(Records from a data collection)
--- START ---
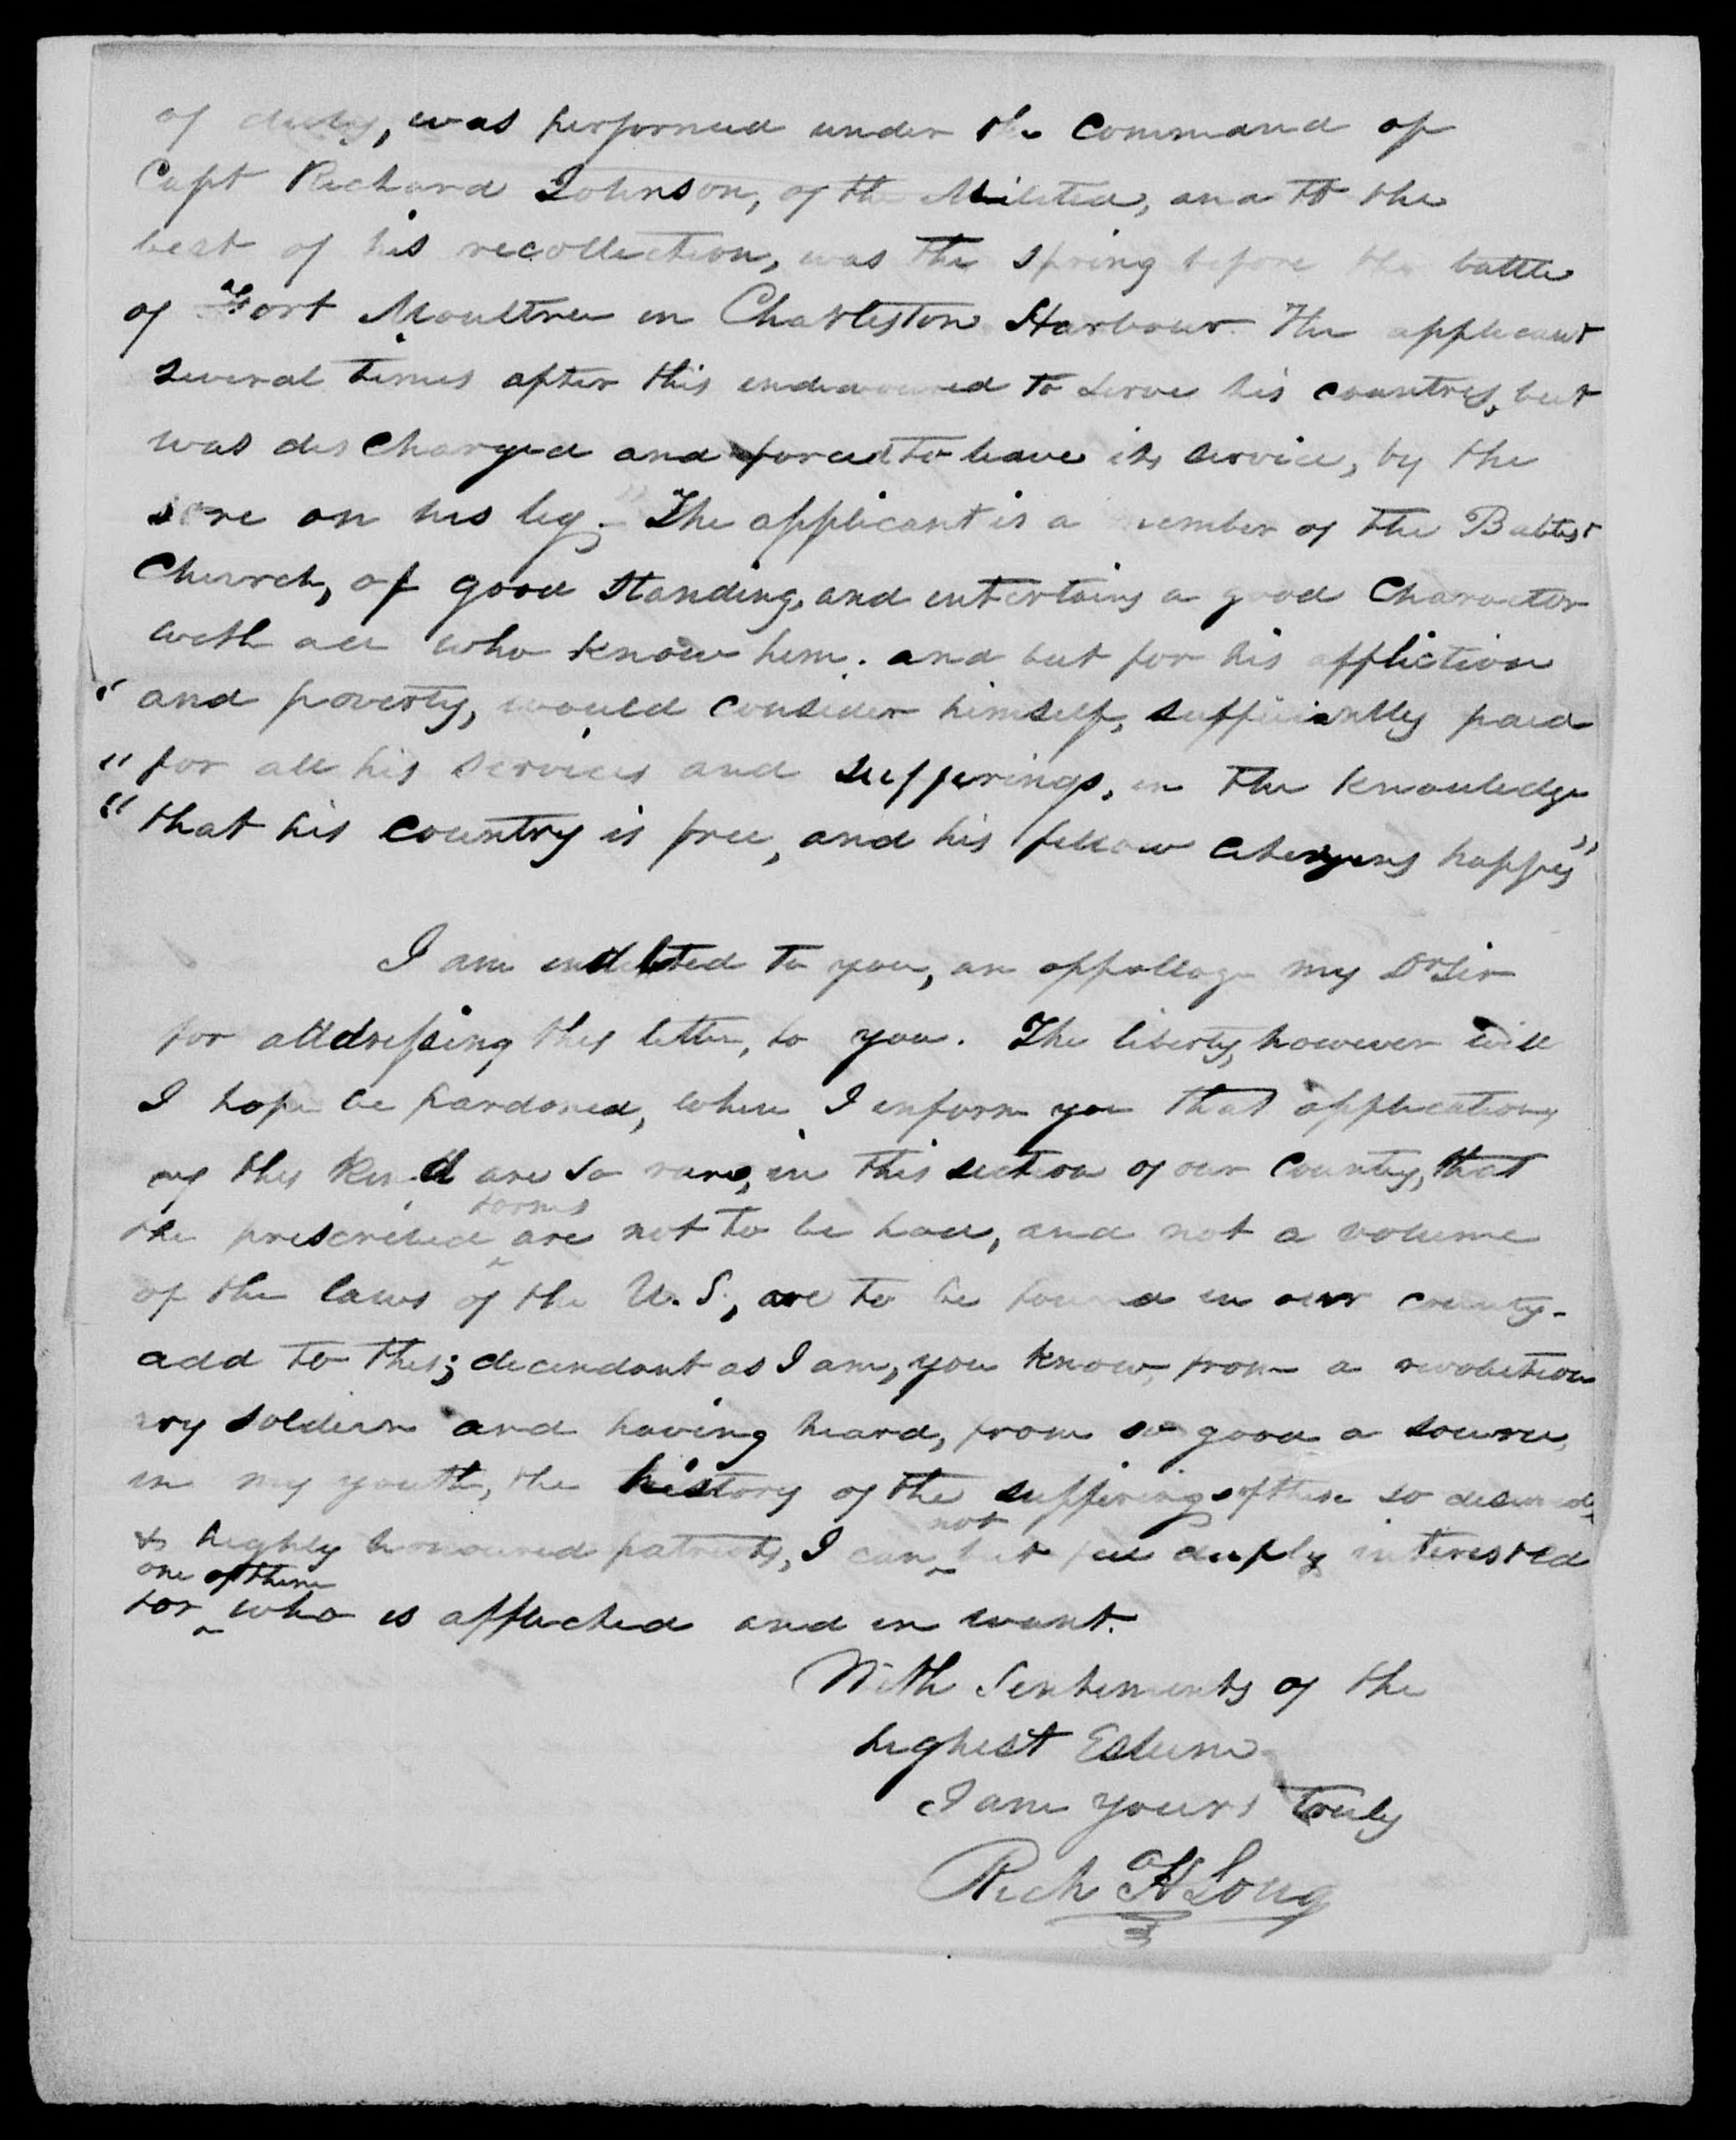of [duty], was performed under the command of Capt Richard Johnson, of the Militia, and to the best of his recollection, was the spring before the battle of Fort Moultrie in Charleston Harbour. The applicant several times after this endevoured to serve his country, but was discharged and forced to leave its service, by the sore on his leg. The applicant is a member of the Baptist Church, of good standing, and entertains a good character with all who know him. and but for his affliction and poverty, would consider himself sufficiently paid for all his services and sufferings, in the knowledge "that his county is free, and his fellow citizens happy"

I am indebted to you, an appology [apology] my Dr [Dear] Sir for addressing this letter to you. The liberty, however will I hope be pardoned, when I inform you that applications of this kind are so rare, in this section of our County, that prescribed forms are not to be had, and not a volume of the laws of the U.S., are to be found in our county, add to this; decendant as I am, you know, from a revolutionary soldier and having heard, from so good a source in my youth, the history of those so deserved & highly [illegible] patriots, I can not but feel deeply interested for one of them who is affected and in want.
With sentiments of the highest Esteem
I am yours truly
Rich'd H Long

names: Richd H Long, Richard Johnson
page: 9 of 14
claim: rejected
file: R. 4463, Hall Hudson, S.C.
--- END ---
_INSTRUCTIONS TO FOLLOW_
The line with "page: 9 of 14" and all the lines after it in the records above are to be output exactly, with nothing added.

_OUTPUT BELOW_
page: 9 of 14
claim: rejected
file: R. 4463, Hall Hudson, S.C.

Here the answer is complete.